Notre Dame Punts


Published January 3, 2013

National Review Online

In the pantheon of Notre Dame football anecdotes, “Win one for the Gipper” barely beats out Lou Holtz’s lesson in Mariology — a legendary bon mot that, though doubtless embellished over the decades, retains a certain salience today, on the cusp of the faux national championship game between the Fighting Irish and Alabama on January 7.

Back when Holtz was coaching the lads from South Bend, he and his team attended a night-before-the-big-game banquet with an archrival, whose chaplain was called upon to offer grace before meals. The enemy-team cleric went on at some length, asking the Lord to ensure that no one got hurt, that all would be good sportsmen, that everyone would become friends, punctuating his intentions with the antiphon, “Because we know, dear God, that You don’t care who wins tomorrow.” After the meal, Coach Holtz got up to make a few remarks, thanked the other side’s chaplain for an inspiring benediction, and said, “And it’s true: God doesn’t care who wins tomorrow. But His Mother does.”

God, according to orthodox theology, cannot do anything that contradicts the divine nature, so it is a certainty that the Deity cares not a whit who wins the artificial “national championship game” concocted by the cartel known as the Bowl Championship Series. For to do so would contradict that divine attribute of Absolute Truth. Whoever wins on January 7 will be the BCS champion. But to confuse that with a genuine national champion, of the sort crowned by the NCAA in its basketball tournaments every year, is to make a major category error.

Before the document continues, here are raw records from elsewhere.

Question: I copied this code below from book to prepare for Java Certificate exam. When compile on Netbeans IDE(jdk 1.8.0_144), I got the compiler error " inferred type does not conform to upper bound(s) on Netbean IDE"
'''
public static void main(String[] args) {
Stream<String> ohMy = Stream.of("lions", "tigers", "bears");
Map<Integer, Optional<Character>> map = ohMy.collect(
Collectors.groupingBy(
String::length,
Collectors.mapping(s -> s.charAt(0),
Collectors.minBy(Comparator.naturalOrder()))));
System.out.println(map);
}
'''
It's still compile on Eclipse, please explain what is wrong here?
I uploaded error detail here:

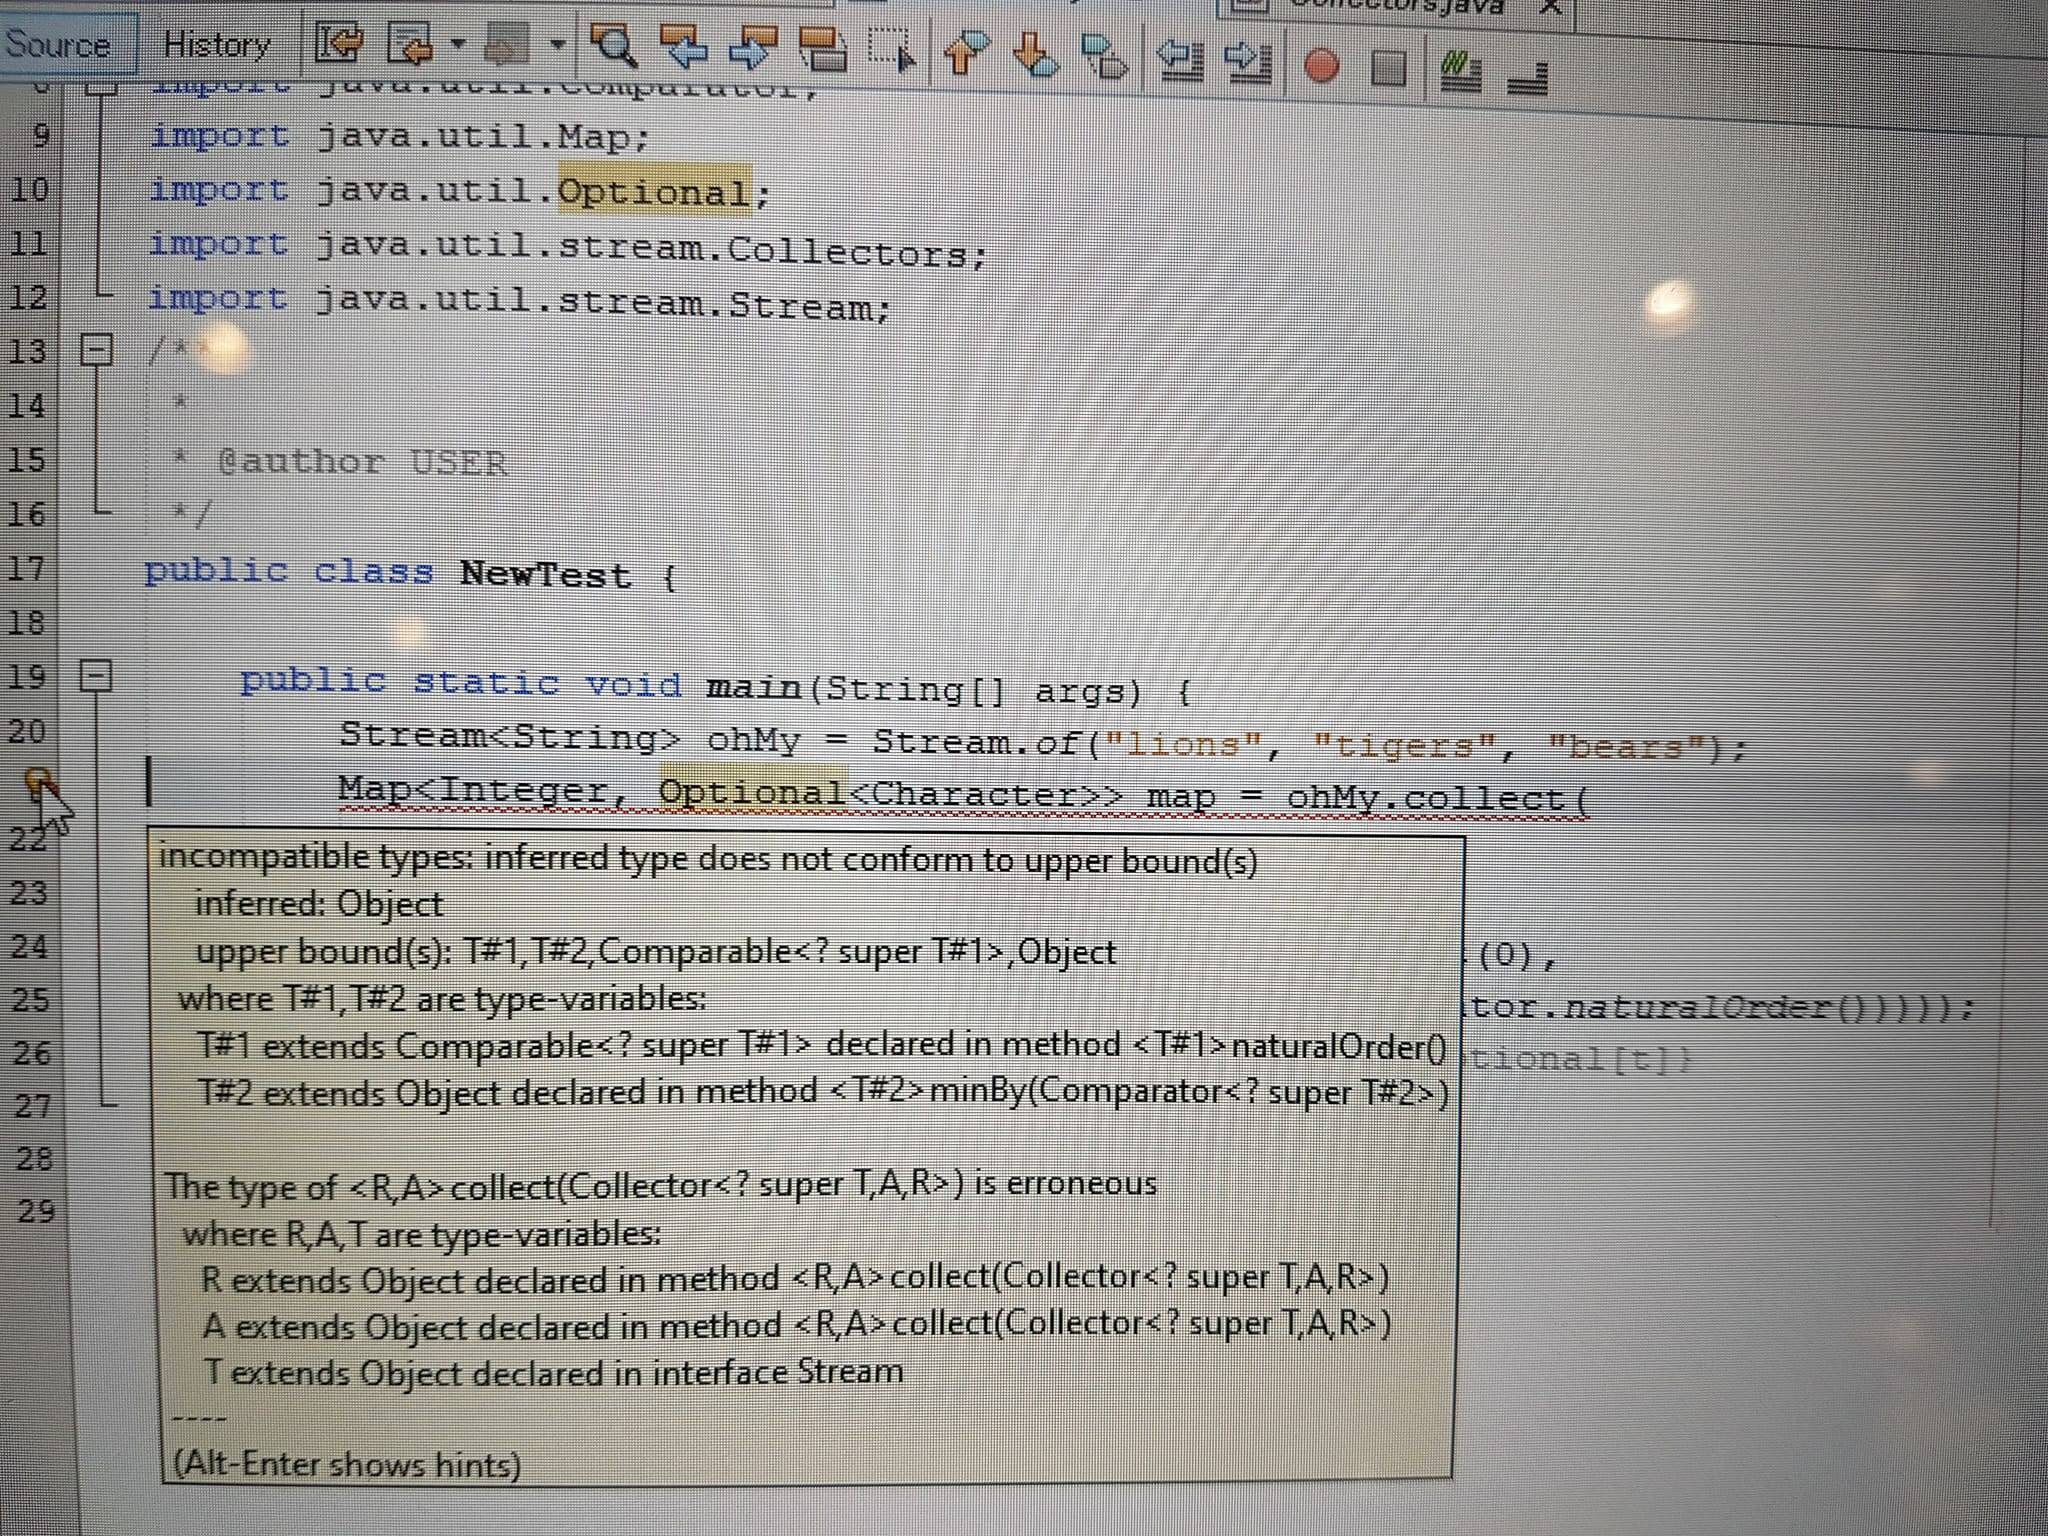
Answer: You may need to help the compiler here as it's a type inference issue:
You can solve the problem by specifying the type for the 'Comparator' or any of the 'Collectors'.
- 'Collectors.<Character>minBy()'- 'Comparator.<Character>naturalOrder()'- 'Collectors.mapping((String s) -> s.charAt(0)'

As for God’s Mother, I can believe that she indeed cares about the many fine young men who attend Our Lady’s university and who will do their best to march “onward to victory,” as the most famous of ND fight songs bids them do in Miami next Monday. Indeed, I suspect that Our Lady’s maternal solicitude for her boys extends in a special way to ND’s stellar linebacker (and my candidate for the Heisman Trophy), Manti Te’o, a Mormon.

But I wouldn’t be surprised if Our Lady is very unhappy these days with the administration of her university. That unhappiness should be shared by all who understand the singular place that Notre Dame holds in both the American Catholic imagination and the American imagination about Catholicism. For given an unprecedented opportunity to do some evangelical witnessing before what many believe will be the largest audience ever to watch a college football game, Notre Dame has punted.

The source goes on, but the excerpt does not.